To be clear, Leither's original post (#5805) didn't say move order doesn't count. On the contrary, he claimed that all his position's four SPGs have a unique sequence of moves. I pointed out in the following comment that they would have to, since any particular solution has a unique sequence of moves, or it wouldn't be that solution.

What is it about what I said that leads you to say it is apparently not true?

In the chess composition world, the term "proof game" actually refers to a problem type where unique play is required to reach a specific position. Within this PG genre, problems with more than one unique solution is also normal. This sounds like a contradiction, but in practice, it's easy to tell apart a correct PG with distinct solutions and an unsound PG with dualised play. Typically (though not always), the intentional distinct solutions begin with different first moves and the two precise sequences involve notable thematic changes, whereas in a faulty PG, there are just minor variations (duals) in the play.

For some examples of PGs with two solutions, see my 2-part introduction to the genre, Proof Games. PGs with three distinct solutions are very rare: see this blog with two examples.

The PG-solving program Euclide does a good job in distinguishing between sound PGs with multiple solutions and cooked PGs. Whatever algorithm it uses, it seems like an "objective" test that matches what human problemists tend to agree on. For instance, the Fool's mate position given in post#5899 is totally uninteresting as a PG and it's indeed marked as "cooked" by the software.
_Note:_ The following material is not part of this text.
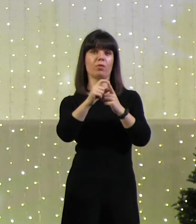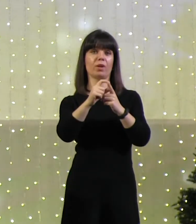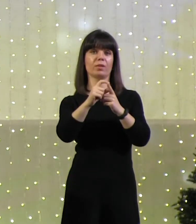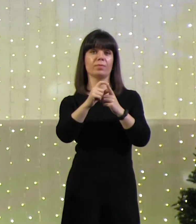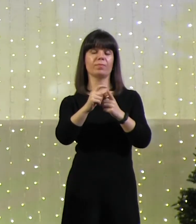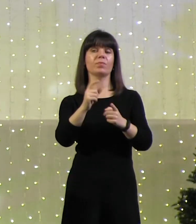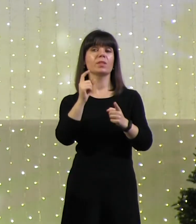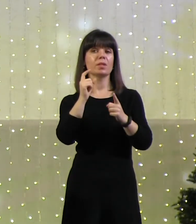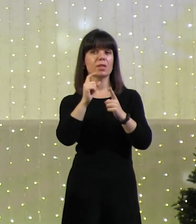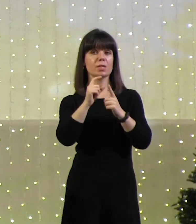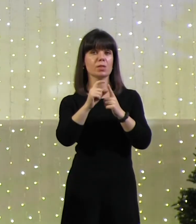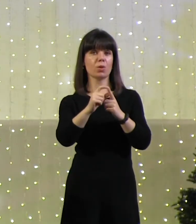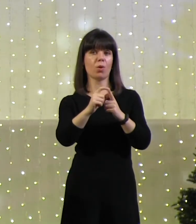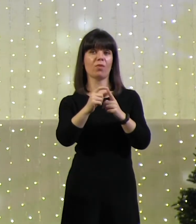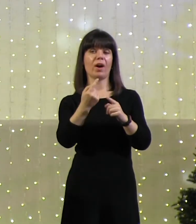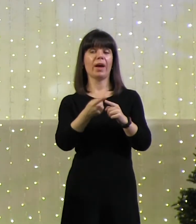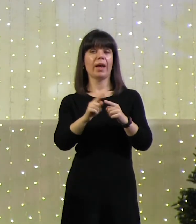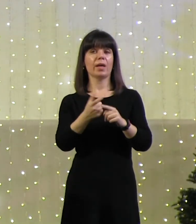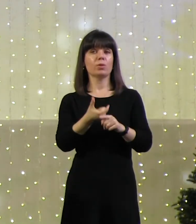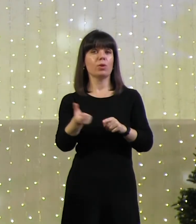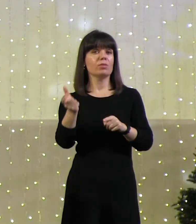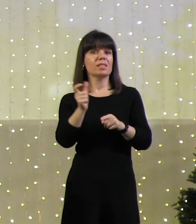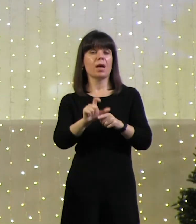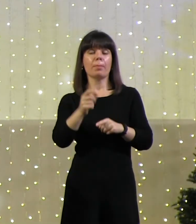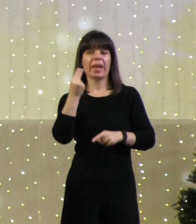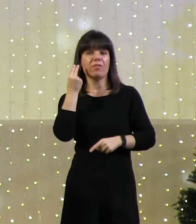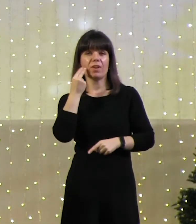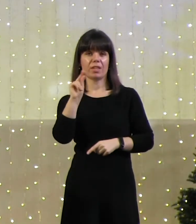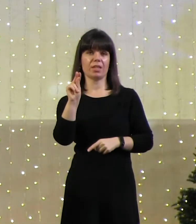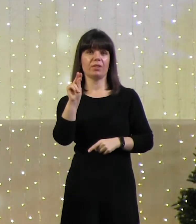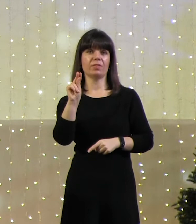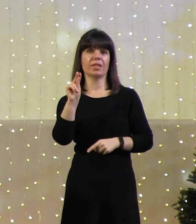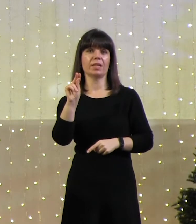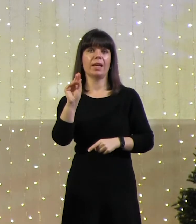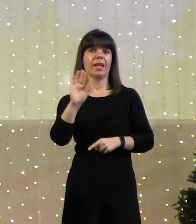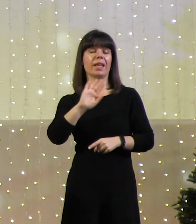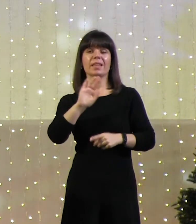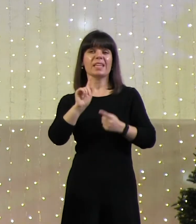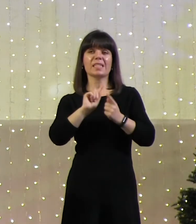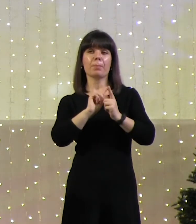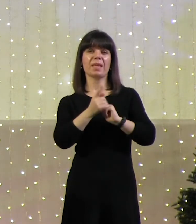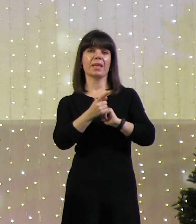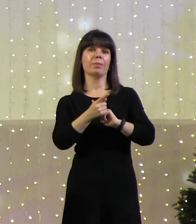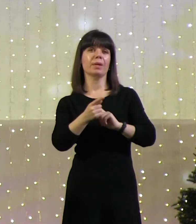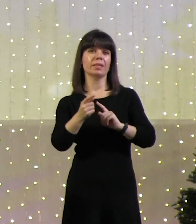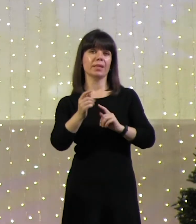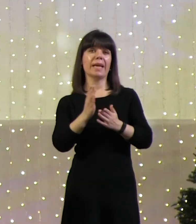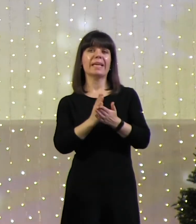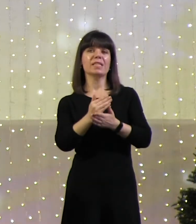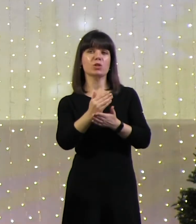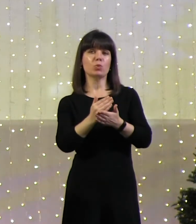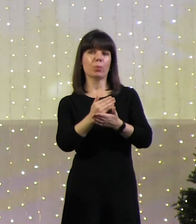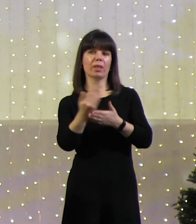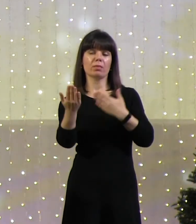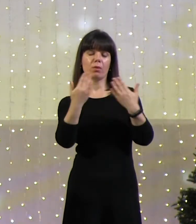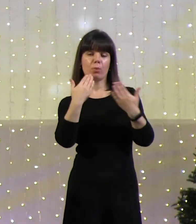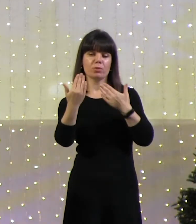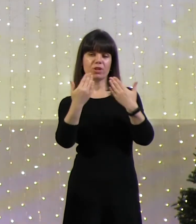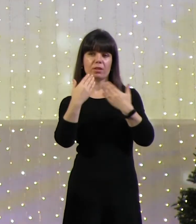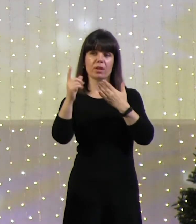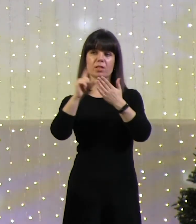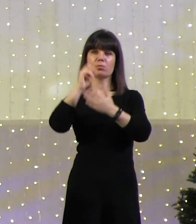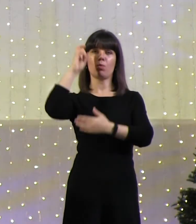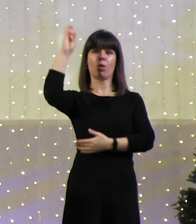Слово это самый эффективный и незаменимый инструмент средства коммуникации с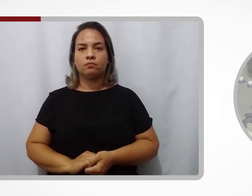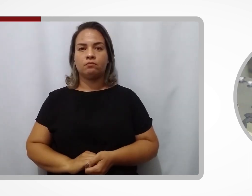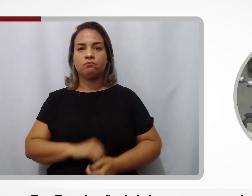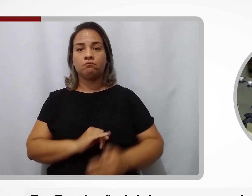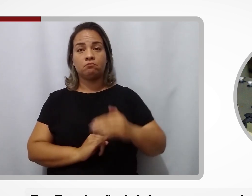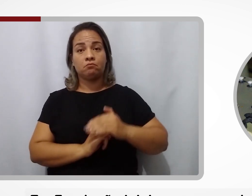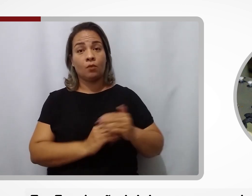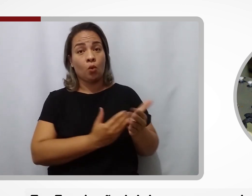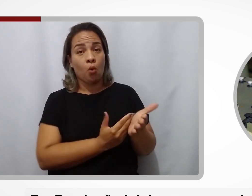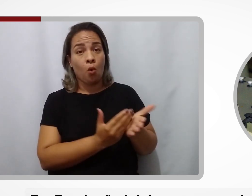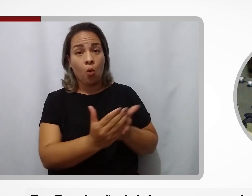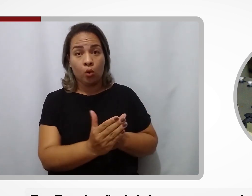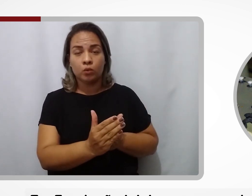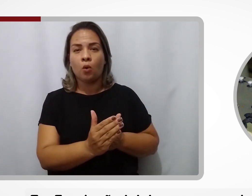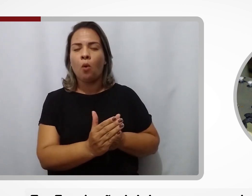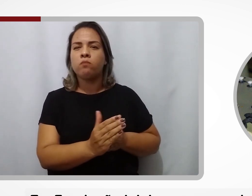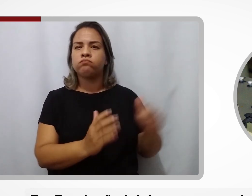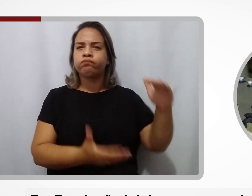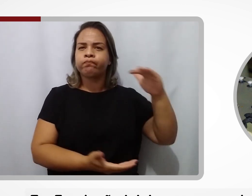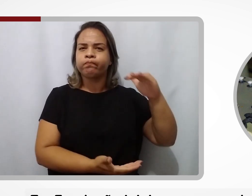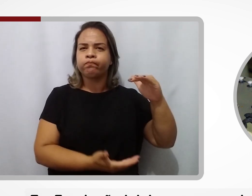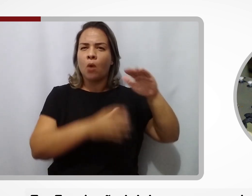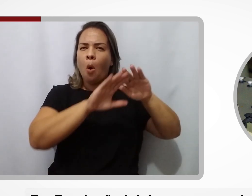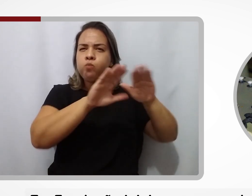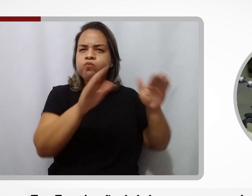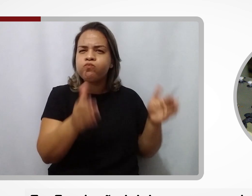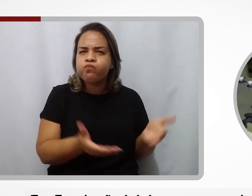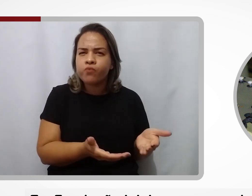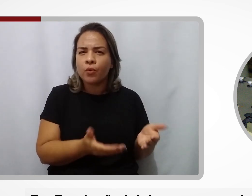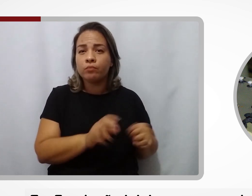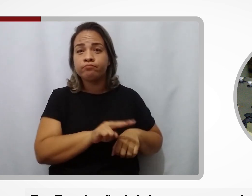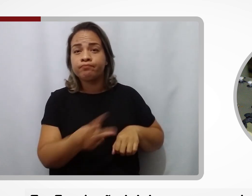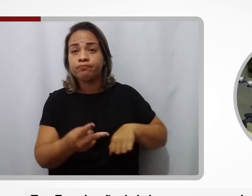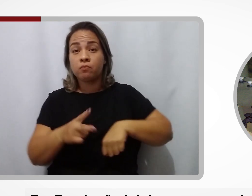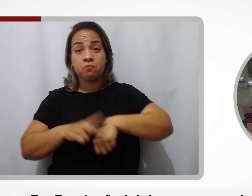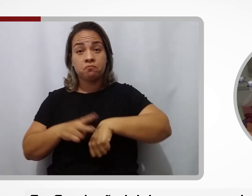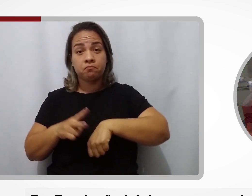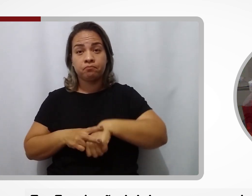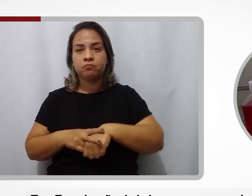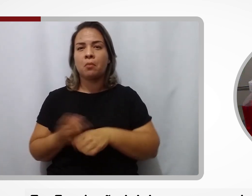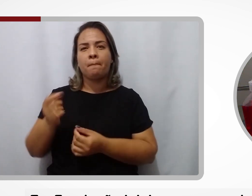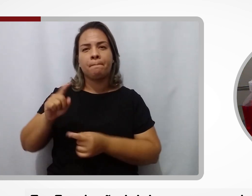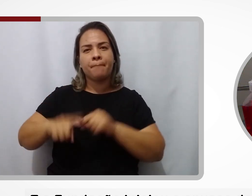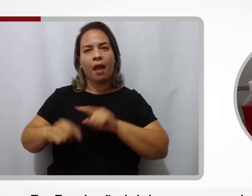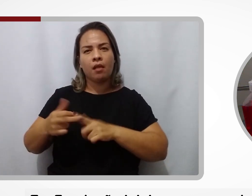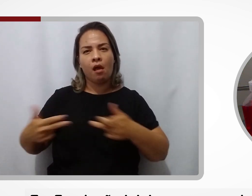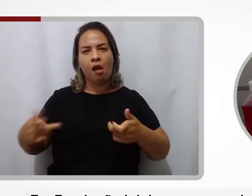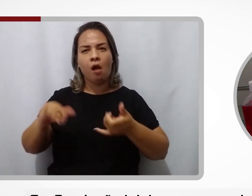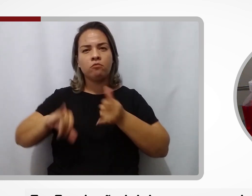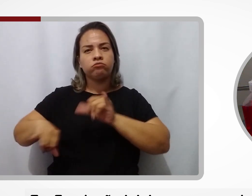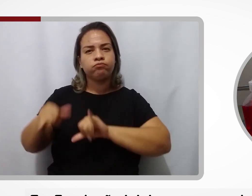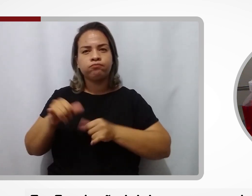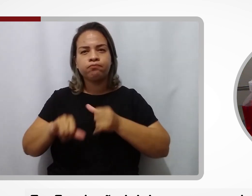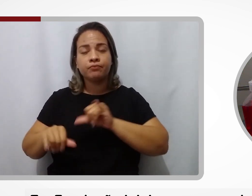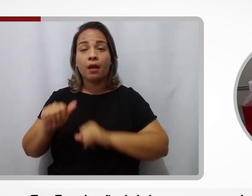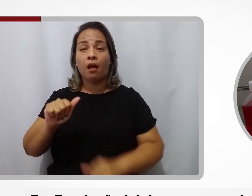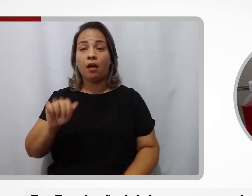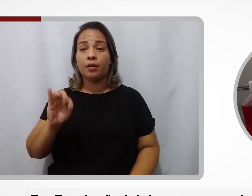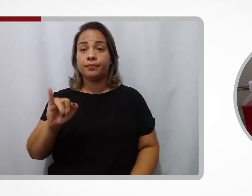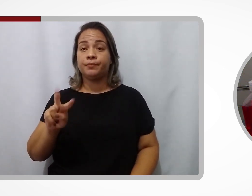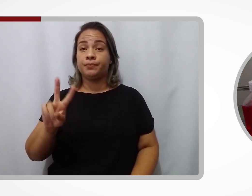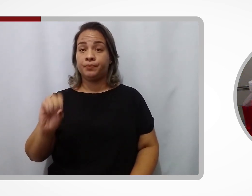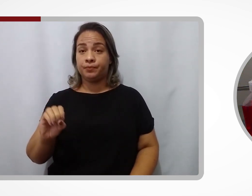E a Fundação iniciou o envase do primeiro lote do ingrediente farmacêutico

Leither's 4-solution PG is very interesting in showing four different castling possibilities, despite its weakness of having many moves repeated across the four parts. I think it's a fine achievement. Euclide's verdict is that it's sound: "4 distinct solutions".

Thanks, Rocky. You mentioned that PGs with three distinct solutions are very rare, so I assume that's also the case for those with four distinct solutions. Are you aware of any besides the one we now have thanks to Leither's position?

P.S. I'm assuming Stelvio will agree with Euclide once the bug is fixed that caused it to find only two solutions.

Well, I learned something new today! Would you say #5893 is a better example of a position with multiple distinct solutions?

The bug fix for Stelvio is pretty neat. Now I can feel like I was a part of something useful

Yes, I wasn't aware of other examples with 4 solutions from a single setting (twin settings are a bit different). I've just checked on the Schwalbe database and found a PG in 8.0 moves where the stipulation is "2 solutions, each with 2 variations". Here there are 2 different starting moves and each splits into 2 variations. It's kind of moot whether this counts as 4 solutions. By the same token, Leither's PG, because of the same starting move throughout, can be described as having 1 solution with 4 variations. This is why problemists like me who compose multi-solution PGs much prefer different starting moves.